Concernant le MCO aéronautique et la disponibilité des hélicoptères, c'est ma principale préoccupation pour les opérations. Nous souffrons plus globalement, dans la troisième dimension, d'une insuffisance de drones et de capacités ISR (intelligence, surveillance, reconnaissance) ainsi que d'une insuffisance de flotte de transport.

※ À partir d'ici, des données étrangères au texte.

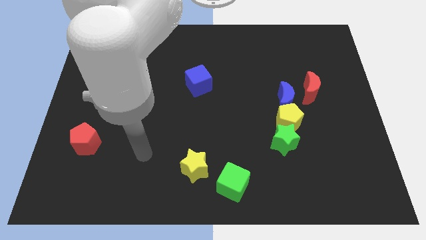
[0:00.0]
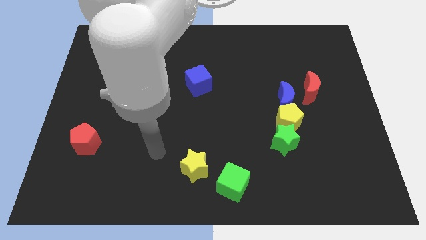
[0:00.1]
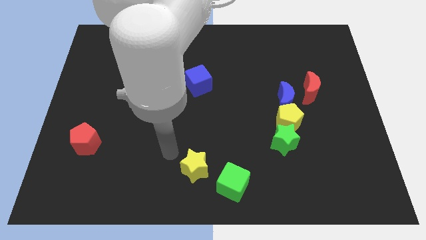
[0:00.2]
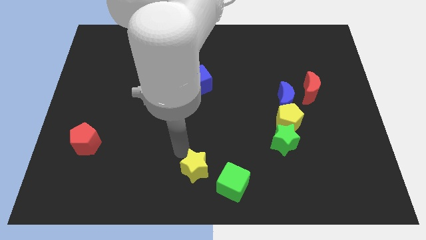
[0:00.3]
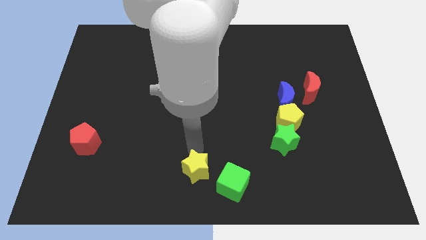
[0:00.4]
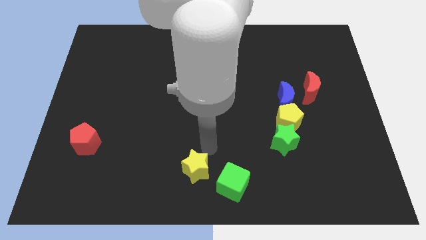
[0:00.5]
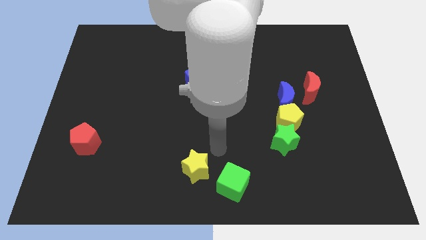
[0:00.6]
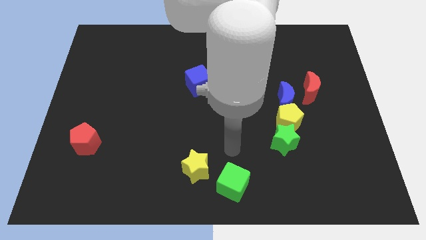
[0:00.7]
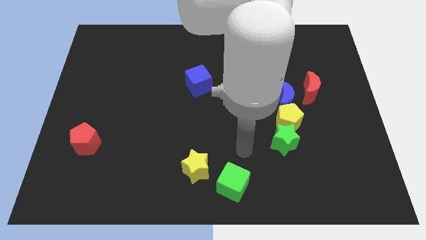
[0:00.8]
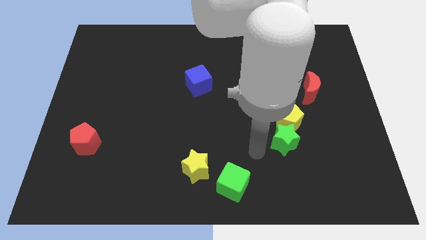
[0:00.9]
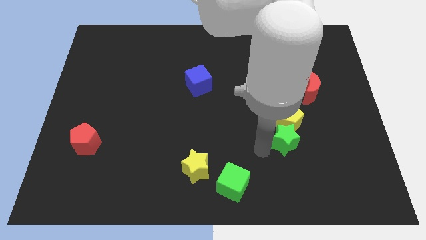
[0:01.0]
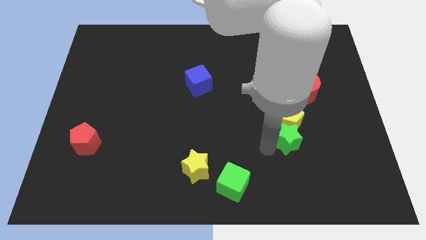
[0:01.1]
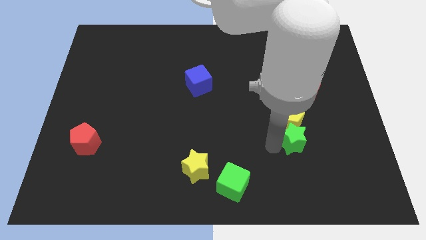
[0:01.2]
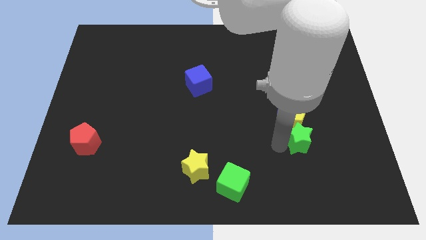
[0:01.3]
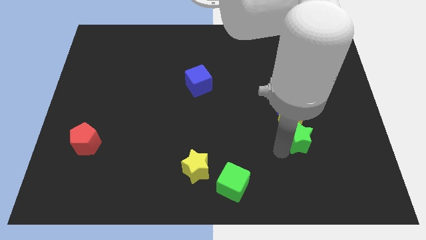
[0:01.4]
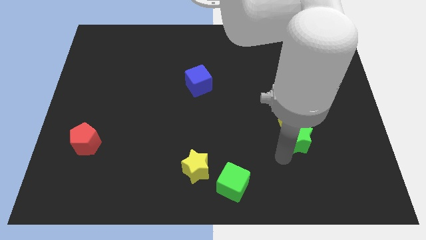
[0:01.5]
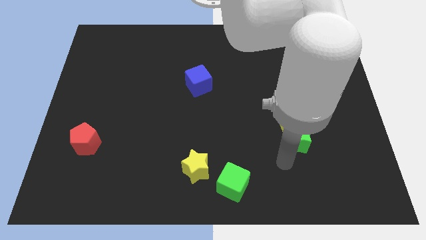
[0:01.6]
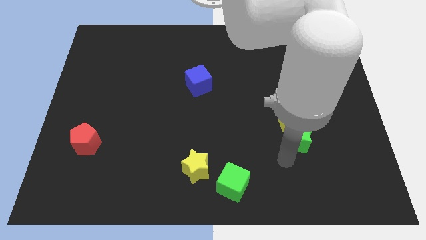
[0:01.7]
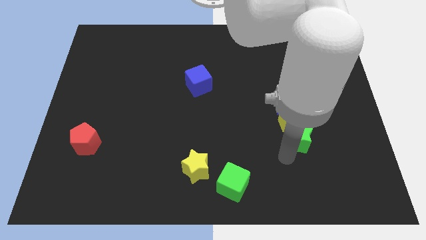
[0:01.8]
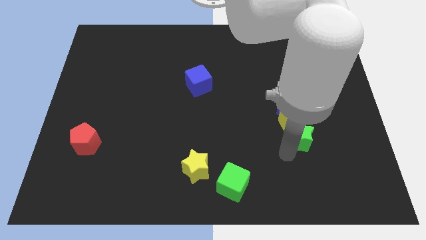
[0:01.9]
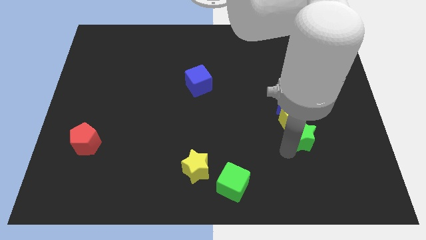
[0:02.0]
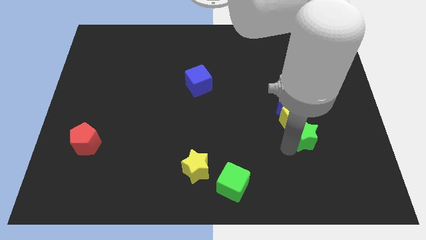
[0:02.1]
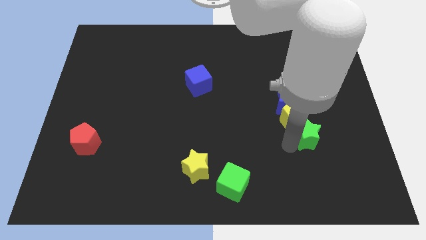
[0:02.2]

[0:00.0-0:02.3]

Concernant les hélicoptères, la réponse recouvre deux catégories de mesures. D'une part, d'un point de vue quantitatif, il faut adapter à la marge notre modèle 2025 issu du Livre blanc et de la LPM et qui reste, globalement bon. Nous avons besoin de davantage d'hélicoptères d'observation, de transport et d'attaque. L'atteinte des 2 % du PIB doit nous permettre d'acquérir ces hélicoptères supplémentaires. Ils sont absolument nécessaires pour mener les opérations. 2 % du PIB, cela signifie 0,23 point de PIB supplémentaire. En 2020, cela représenterait 8 milliards d'euros de plus que la ressource allouée par le PLF 2017. La pente sera raide en 2018, avec 2 à 3 milliards d'euros supplémentaires par rapport à 2017.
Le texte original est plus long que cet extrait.